My current home project is converting an old application from python2/GTK-2/libxml to python3/gtk-3/lxml.
The first phase is to convert to gtk-3 and lxml, so while python3 is the eventual target, for now the code needs to work on python2 so that I can debug it.
It would take far to long to fix all of the existing issues that pylint and now pylance are flagging, so I have to triage them as to issues that can be quickly fixed, and issues that must be deferred for a later pass.
I only found out about pylance when it started flagging additional issues in the source code, some of which are not blockers to getting the conversion done. Some issues will eventually be fixed by dropping the python2 support.
The PEP 484 specification for adding a # type: ignore is not taking into account that many of the lines that need the tags added are already at the maximum line length, and sometimes can not be easily refactored to shorter lines.
That feature of adding a "# type: ignore" to the end of a line is also not working correctly on the pylance bundled with Visual Studio Code 1.58.2.

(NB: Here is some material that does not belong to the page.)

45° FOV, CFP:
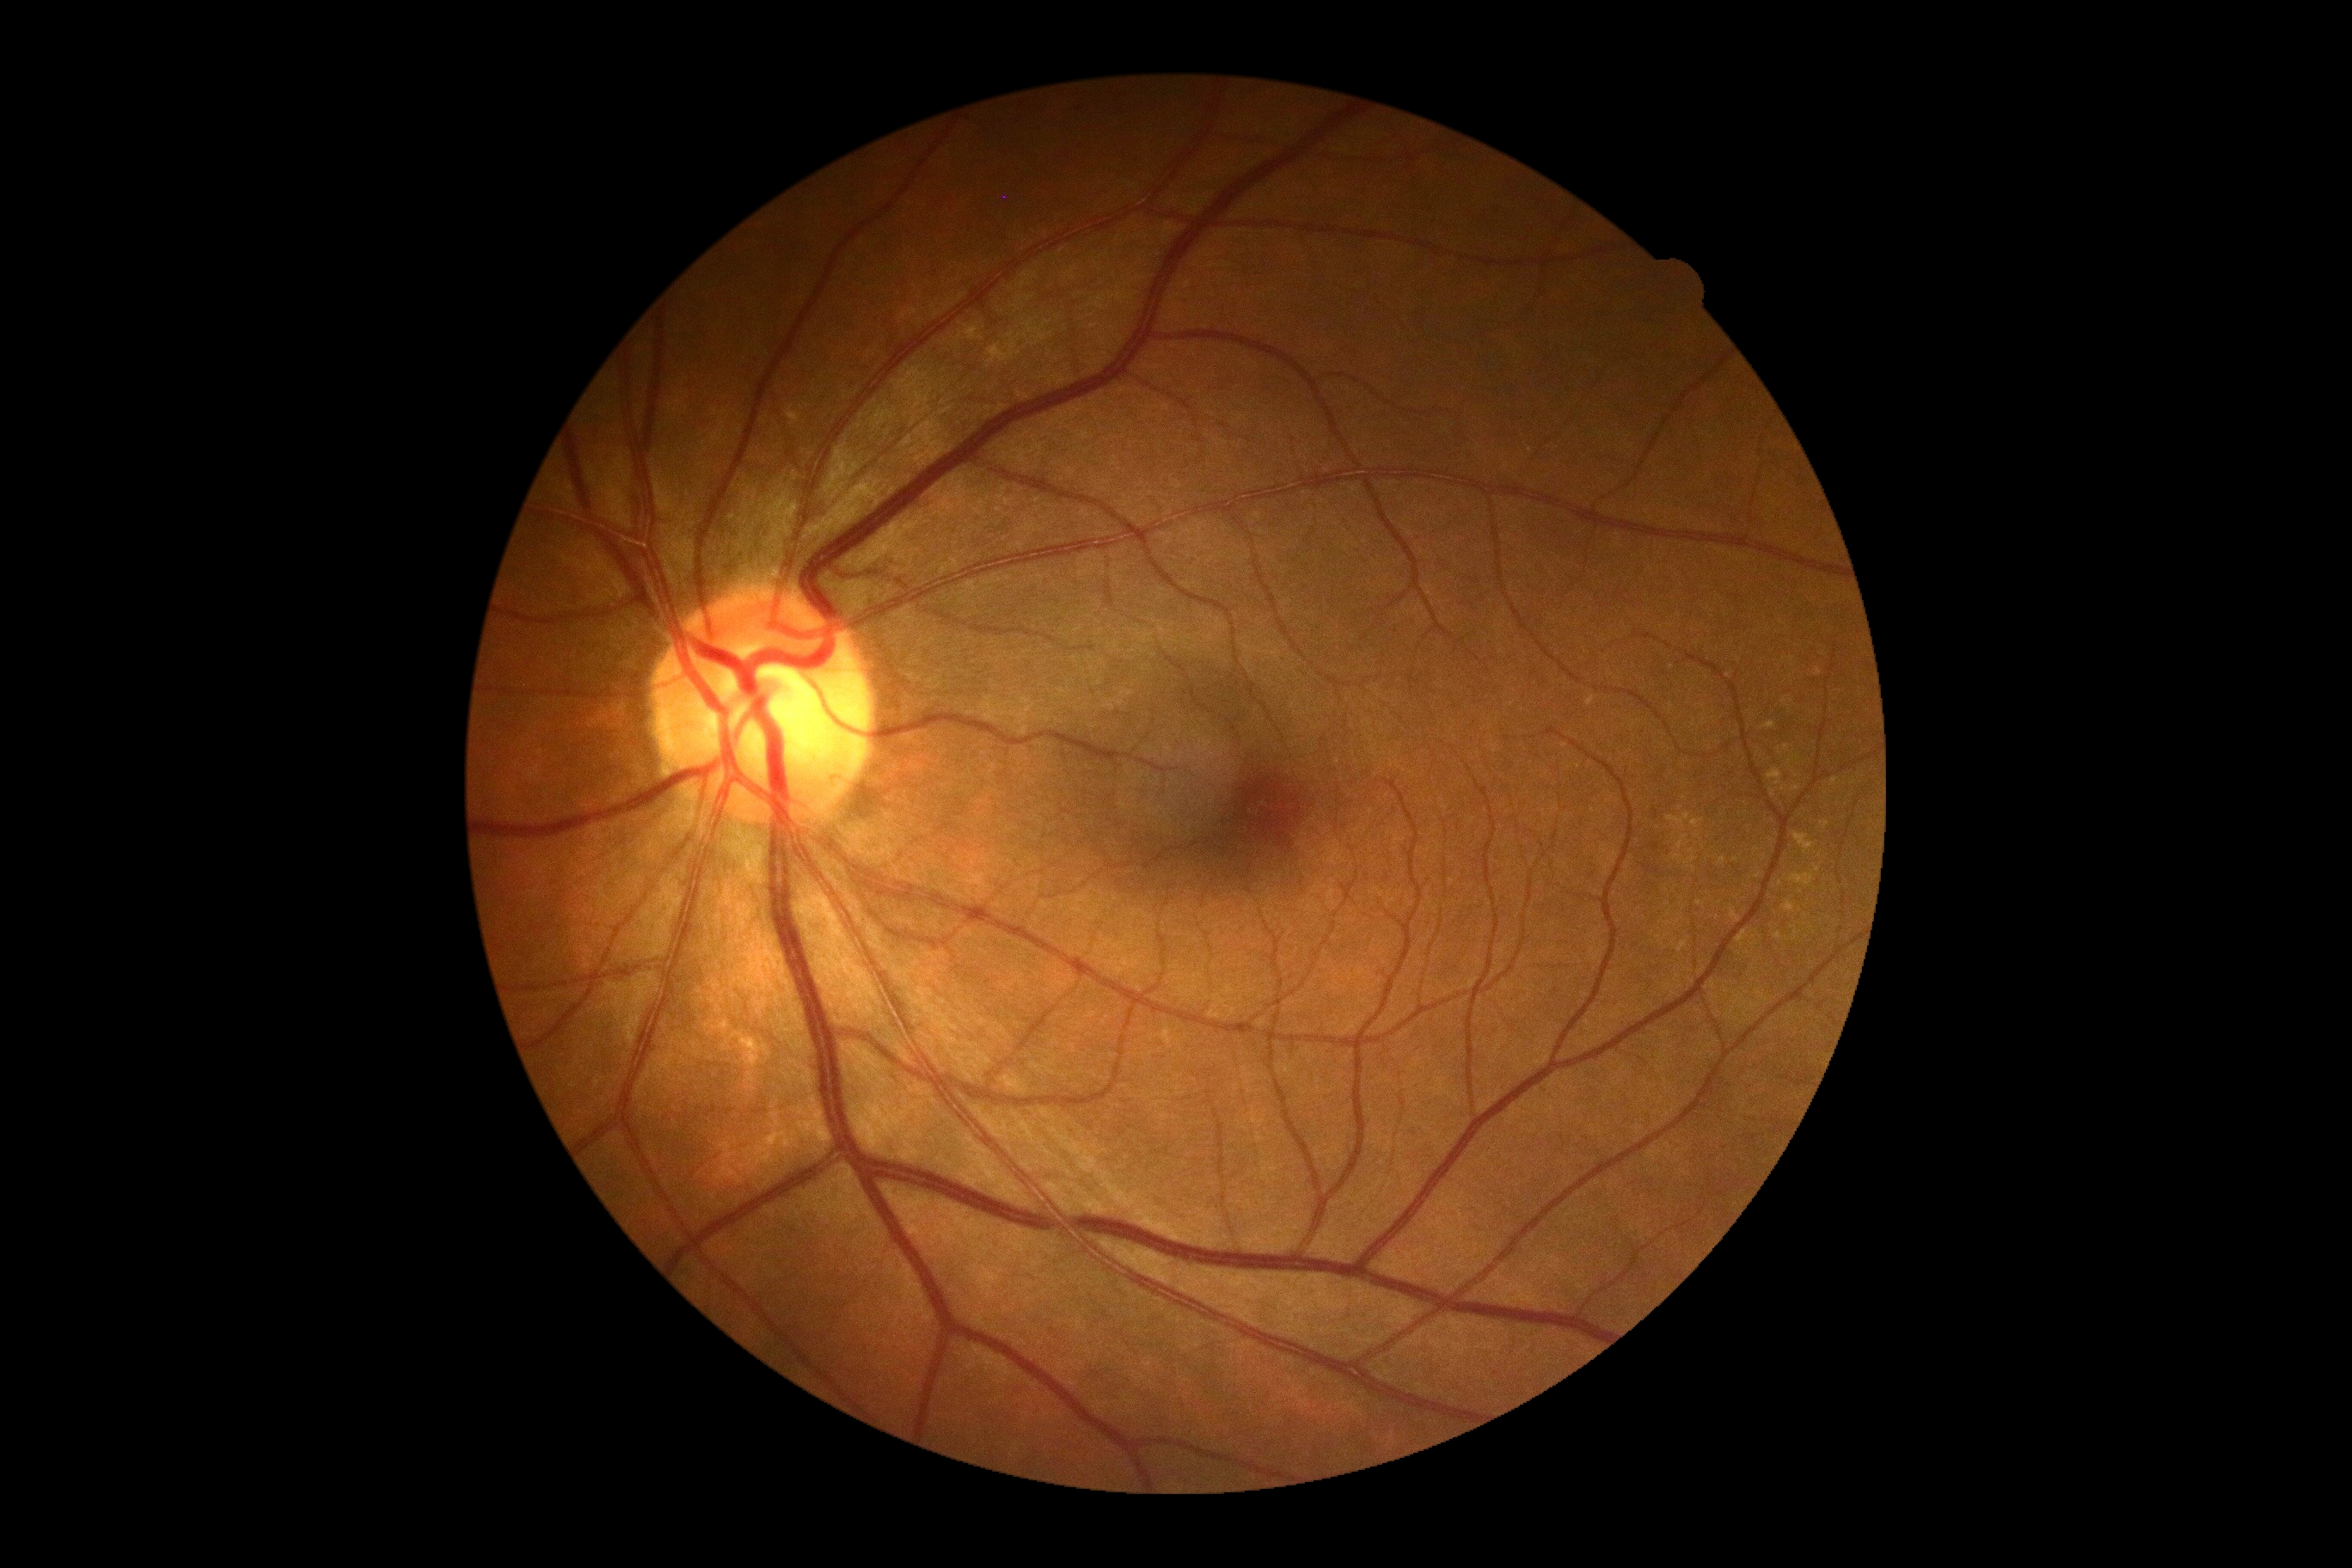

DR severity = no apparent retinopathy (grade 0); DR impression = no signs of DR.

Instead of operating on just that line, it is still operating on the entire file. So disabling it for line where it is a false positive like using importing modules from "six.moves" disables it for other places where it might be flagging a real issue that got introduced with a change.
Other code analysis and lint tools that I work with use comments at the beginning of a block or a scope or
at just before a line to disable a check. This works very well and is already a common convention.
Another convention that is used is to have the comments turn a check off only from the point where the comment is added and then a later comment can re-enable the check for the rest of the file.